More illustrations and intuition, connecting the more abstract notions to an actual learning problem.

伦理审查问题

作者回复

2025-03-30

W1: There is no example, no illustration, not even a toy problem

Actually, we provide the Example 3.2, Example 3.3 and an illustration in Appendix (Page 17).

We have added more examples and background (detail See ''More background and Examples'' of the rebuttal to Reviewer nkeW) and experiments on a simulation problem (See ''Experiments'' of rebuttal to Reviewer XpR4).

W2: There are many notations and definitions, it appears the work is intended for a nich group who specializes in this topic and formulation.

Our work presents the first statistical formalization of the DCG problems. We acknowledge that the paper introduces many notations and definitions, but this complexity reflects the inherent difficulty of the problem. To improve clarity, we have taken significant steps to simplify the presentation:

We include schematic diagrams (Eq.1 and Eq.12) and provide the examples(Example 3.2 and Example 3.3).
In the revised version, we have expanded the number of examples and added synthetic experiments to empirically validate our theoretical findings (see W1).

If you have any concrete suggestions, we would gladly incorporate them and revise the paper promptly. And this paper is never intended for a nich group — if you believe there are aspects that may inadvertently limit its accessibility, we would appreciate further details on which groups might find the presentation challenging.

W3: Do not review literature on current compositional representations and methods.

Thank you for your suggestions.

In the Related Work section, we already cover disentangled representation learning, which we view as a subset of compositional representation learning.

And, to better address your point, we have expanded this section to include a dedicated discussion on current compositional representation learning methods, incorporating your suggested direction. Additionally, we will integrate the following literature into this new discussion:

[1] Compositional Generalization in Unsupervised Compositional Representation Learning: A Study on Disentanglement and Emergent Language

[2] CORL: Compositional Representation Learning for Few-Shot Classification

[3] Representation Learning of Compositional Data

[4] Measuring Compositionality in Representation Learning

[5] Rule-Guided Compositional Representation Learning on Knowledge Graphs

[6] THE ROLE OF DISENTANGLEMENT IN GENERALISATION

[7] Where’s the Learning in Representation Learning for Compositional Semantics and the Case of Thematic Fit

W4: I do not believe the venue of this conference is a good fit for this work.

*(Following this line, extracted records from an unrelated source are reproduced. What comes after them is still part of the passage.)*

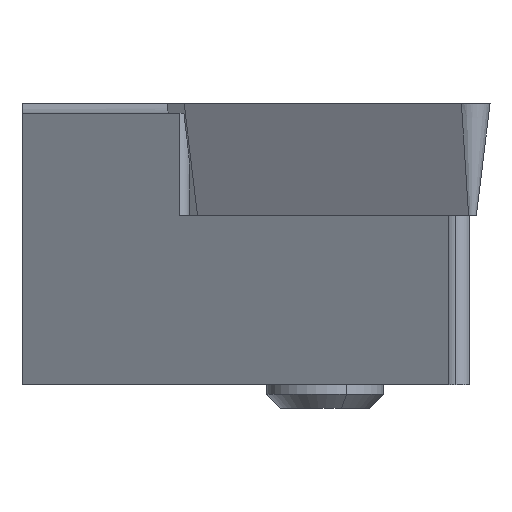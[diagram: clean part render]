
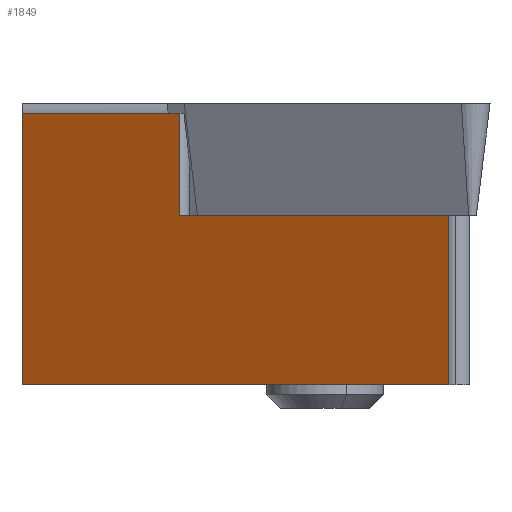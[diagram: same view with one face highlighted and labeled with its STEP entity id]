
A CAD part, left-side view. The second image highlights one B-rep face of the part: STEP entity #1849.
In plain terms, the highlighted planar face has unit normal (-0.848, 0.53, 0).
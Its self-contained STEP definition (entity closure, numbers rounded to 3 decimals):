
#12 = EDGE_CURVE ( 'NONE', #200, #951, #236, .T. ) ;
#57 = CARTESIAN_POINT ( 'NONE',  ( 6.399, 10., 6. ) ) ;
#75 = DIRECTION ( 'NONE',  ( 0., 0., -1. ) ) ;
#96 = VERTEX_POINT ( 'NONE', #1328 ) ;
#104 = CARTESIAN_POINT ( 'NONE',  ( 4.296, 6.634, 5.8 ) ) ;
#110 = VERTEX_POINT ( 'NONE', #1064 ) ;
#153 = ORIENTED_EDGE ( 'NONE', *, *, #526, .T. ) ;
#200 = VERTEX_POINT ( 'NONE', #104 ) ;
#226 = CARTESIAN_POINT ( 'NONE',  ( 6.399, 10., 5.8 ) ) ;
#236 = LINE ( 'NONE', #975, #689 ) ;
#397 = DIRECTION ( 'NONE',  ( 0.848, -0.53, 0. ) ) ;
#453 = VECTOR ( 'NONE', #1748, 1000. ) ;
#455 = LINE ( 'NONE', #57, #803 ) ;
#526 = EDGE_CURVE ( 'NONE', #951, #96, #455, .T. ) ;
#549 = ORIENTED_EDGE ( 'NONE', *, *, #913, .T. ) ;
#602 = EDGE_CURVE ( 'NONE', #110, #1411, #1232, .T. ) ;
#607 = VECTOR ( 'NONE', #1334, 1000. ) ;
#689 = VECTOR ( 'NONE', #956, 1000. ) ;
#757 = DIRECTION ( 'NONE',  ( 0.53, 0.848, 0. ) ) ;
#759 = ORIENTED_EDGE ( 'NONE', *, *, #12, .T. ) ;
#785 = DIRECTION ( 'NONE',  ( 0., 0., -1. ) ) ;
#803 = VECTOR ( 'NONE', #785, 1000. ) ;
#805 = LINE ( 'NONE', #1865, #1488 ) ;
#828 = VERTEX_POINT ( 'NONE', #2026 ) ;
#887 = EDGE_CURVE ( 'NONE', #110, #828, #989, .T. ) ;
#913 = EDGE_CURVE ( 'NONE', #96, #828, #805, .T. ) ;
#951 = VERTEX_POINT ( 'NONE', #226 ) ;
#952 = LINE ( 'NONE', #2376, #1121 ) ;
#956 = DIRECTION ( 'NONE',  ( 0.53, 0.848, 0. ) ) ;
#975 = CARTESIAN_POINT ( 'NONE',  ( 0.705, 0.889, 5.8 ) ) ;
#989 = LINE ( 'NONE', #1709, #607 ) ;
#1010 = DIRECTION ( 'NONE',  ( -0.53, -0.848, 0. ) ) ;
#1056 = CARTESIAN_POINT ( 'NONE',  ( 0.705, 0.889, 3.62 ) ) ;
#1064 = CARTESIAN_POINT ( 'NONE',  ( 0.705, 0.889, 3.62 ) ) ;
#1121 = VECTOR ( 'NONE', #75, 1000. ) ;
#1129 = ORIENTED_EDGE ( 'NONE', *, *, #1951, .F. ) ;
#1145 = PLANE ( 'NONE',  #2290 ) ;
#1232 = LINE ( 'NONE', #1056, #453 ) ;
#1311 = ORIENTED_EDGE ( 'NONE', *, *, #887, .F. ) ;
#1328 = CARTESIAN_POINT ( 'NONE',  ( 6.399, 10., 0. ) ) ;
#1334 = DIRECTION ( 'NONE',  ( 0., 0., -1. ) ) ;
#1411 = VERTEX_POINT ( 'NONE', #1642 ) ;
#1445 = FACE_OUTER_BOUND ( 'NONE', #2349, .T. ) ;
#1488 = VECTOR ( 'NONE', #1010, 1000. ) ;
#1496 = CARTESIAN_POINT ( 'NONE',  ( 0.705, 0.889, 6. ) ) ;
#1642 = CARTESIAN_POINT ( 'NONE',  ( 4.296, 6.634, 3.62 ) ) ;
#1709 = CARTESIAN_POINT ( 'NONE',  ( 0.705, 0.889, 6. ) ) ;
#1748 = DIRECTION ( 'NONE',  ( 0.53, 0.848, 0. ) ) ;
#1849 = ADVANCED_FACE ( 'NONE', ( #1445 ), #1145, .F. ) ;
#1865 = CARTESIAN_POINT ( 'NONE',  ( 0.705, 0.889, 0. ) ) ;
#1951 = EDGE_CURVE ( 'NONE', #200, #1411, #952, .T. ) ;
#2026 = CARTESIAN_POINT ( 'NONE',  ( 0.705, 0.889, 0. ) ) ;
#2290 = AXIS2_PLACEMENT_3D ( 'NONE', #1496, #397, #757 ) ;
#2297 = ORIENTED_EDGE ( 'NONE', *, *, #602, .T. ) ;
#2349 = EDGE_LOOP ( 'NONE', ( #1129, #759, #153, #549, #1311, #2297 ) ) ;
#2376 = CARTESIAN_POINT ( 'NONE',  ( 4.296, 6.634, 6. ) ) ;

I totally disagree with the point that the ICML is not suitable for our paper. The reason is given as follow:

This paper focuses on analyzing machine learning algorithms in DCG tasks, making it highly relevant to the topics listed in the ICML call for papers, specifically under "Theory of Machine Learning" (including statistical learning theory, bandits, game theory, decision theory, etc.).
ICML accepts many papers with dense theoretical analysis, and the other reviewers have provided relatively lengthy review comments, suggesting a certain level of interest in this paper in the ICML community.
ICML is an open and diverse community, which is one of the reasons I deeply appreciate it. We hope to uphold this openness. I acknowledge that theoretical researchers are somewhat in the minority within the community, but ICML has always provided opportunities for underrepresented perspectives.

审稿人评论

2025-04-04

In light of the rebuttal answers to my review and to the other reviewers, provided changes in the extended literature are given and additional examples and intuitions are added, I raise my rank for this paper.

最终决定Accept (poster)

2025-05-01

All reviewers agree that the paper provides theoretical insights to better understand the generalization properties of DCG from statistical perspective. Initially, the reviewers had concern on the empirical support of the claims. The rebuttal was very helpful in clarifying questions raised. Based on the consistent positive reviews and the authors' rebuttal, AC recommends acceptance. Please make sure to include these clarifications as well as the extra results in the final version of the paper.